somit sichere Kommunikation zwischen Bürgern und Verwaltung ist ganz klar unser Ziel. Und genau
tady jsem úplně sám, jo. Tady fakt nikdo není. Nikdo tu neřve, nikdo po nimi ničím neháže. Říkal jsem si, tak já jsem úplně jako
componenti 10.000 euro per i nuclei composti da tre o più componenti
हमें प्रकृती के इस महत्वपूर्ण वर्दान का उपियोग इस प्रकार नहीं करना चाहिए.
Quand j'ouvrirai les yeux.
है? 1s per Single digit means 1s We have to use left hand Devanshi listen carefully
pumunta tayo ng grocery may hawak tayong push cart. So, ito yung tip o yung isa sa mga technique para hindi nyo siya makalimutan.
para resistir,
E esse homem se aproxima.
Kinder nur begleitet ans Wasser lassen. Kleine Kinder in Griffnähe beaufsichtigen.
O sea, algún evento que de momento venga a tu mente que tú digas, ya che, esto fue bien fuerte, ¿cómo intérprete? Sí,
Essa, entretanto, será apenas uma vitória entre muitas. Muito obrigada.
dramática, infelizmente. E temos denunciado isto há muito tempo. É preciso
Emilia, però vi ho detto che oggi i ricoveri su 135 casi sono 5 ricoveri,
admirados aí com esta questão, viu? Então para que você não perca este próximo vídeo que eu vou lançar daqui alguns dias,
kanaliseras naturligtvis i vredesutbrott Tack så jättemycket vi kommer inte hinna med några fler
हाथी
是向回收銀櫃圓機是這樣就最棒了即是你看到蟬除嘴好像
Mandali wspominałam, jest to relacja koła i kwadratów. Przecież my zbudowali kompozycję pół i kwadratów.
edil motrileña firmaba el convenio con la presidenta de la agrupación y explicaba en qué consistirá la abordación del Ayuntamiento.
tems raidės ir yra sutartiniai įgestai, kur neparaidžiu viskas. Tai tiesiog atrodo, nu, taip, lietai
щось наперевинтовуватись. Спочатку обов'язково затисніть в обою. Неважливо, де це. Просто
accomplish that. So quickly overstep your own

● Exercise details:
A verbatim copy of all the records is to be produced.

● Answer to the problem:
somit sichere Kommunikation zwischen Bürgern und Verwaltung ist ganz klar unser Ziel. Und genau
tady jsem úplně sám, jo. Tady fakt nikdo není. Nikdo tu neřve, nikdo po nimi ničím neháže. Říkal jsem si, tak já jsem úplně jako
componenti 10.000 euro per i nuclei composti da tre o più componenti
हमें प्रकृती के इस महत्वपूर्ण वर्दान का उपियोग इस प्रकार नहीं करना चाहिए.
Quand j'ouvrirai les yeux.
है? 1s per Single digit means 1s We have to use left hand Devanshi listen carefully
pumunta tayo ng grocery may hawak tayong push cart. So, ito yung tip o yung isa sa mga technique para hindi nyo siya makalimutan.
para resistir,
E esse homem se aproxima.
Kinder nur begleitet ans Wasser lassen. Kleine Kinder in Griffnähe beaufsichtigen.
O sea, algún evento que de momento venga a tu mente que tú digas, ya che, esto fue bien fuerte, ¿cómo intérprete? Sí,
Essa, entretanto, será apenas uma vitória entre muitas. Muito obrigada.
dramática, infelizmente. E temos denunciado isto há muito tempo. É preciso
Emilia, però vi ho detto che oggi i ricoveri su 135 casi sono 5 ricoveri,
admirados aí com esta questão, viu? Então para que você não perca este próximo vídeo que eu vou lançar daqui alguns dias,
kanaliseras naturligtvis i vredesutbrott Tack så jättemycket vi kommer inte hinna med några fler
हाथी
是向回收銀櫃圓機是這樣就最棒了即是你看到蟬除嘴好像
Mandali wspominałam, jest to relacja koła i kwadratów. Przecież my zbudowali kompozycję pół i kwadratów.
edil motrileña firmaba el convenio con la presidenta de la agrupación y explicaba en qué consistirá la abordación del Ayuntamiento.
tems raidės ir yra sutartiniai įgestai, kur neparaidžiu viskas. Tai tiesiog atrodo, nu, taip, lietai
щось наперевинтовуватись. Спочатку обов'язково затисніть в обою. Неважливо, де це. Просто
accomplish that. So quickly overstep your own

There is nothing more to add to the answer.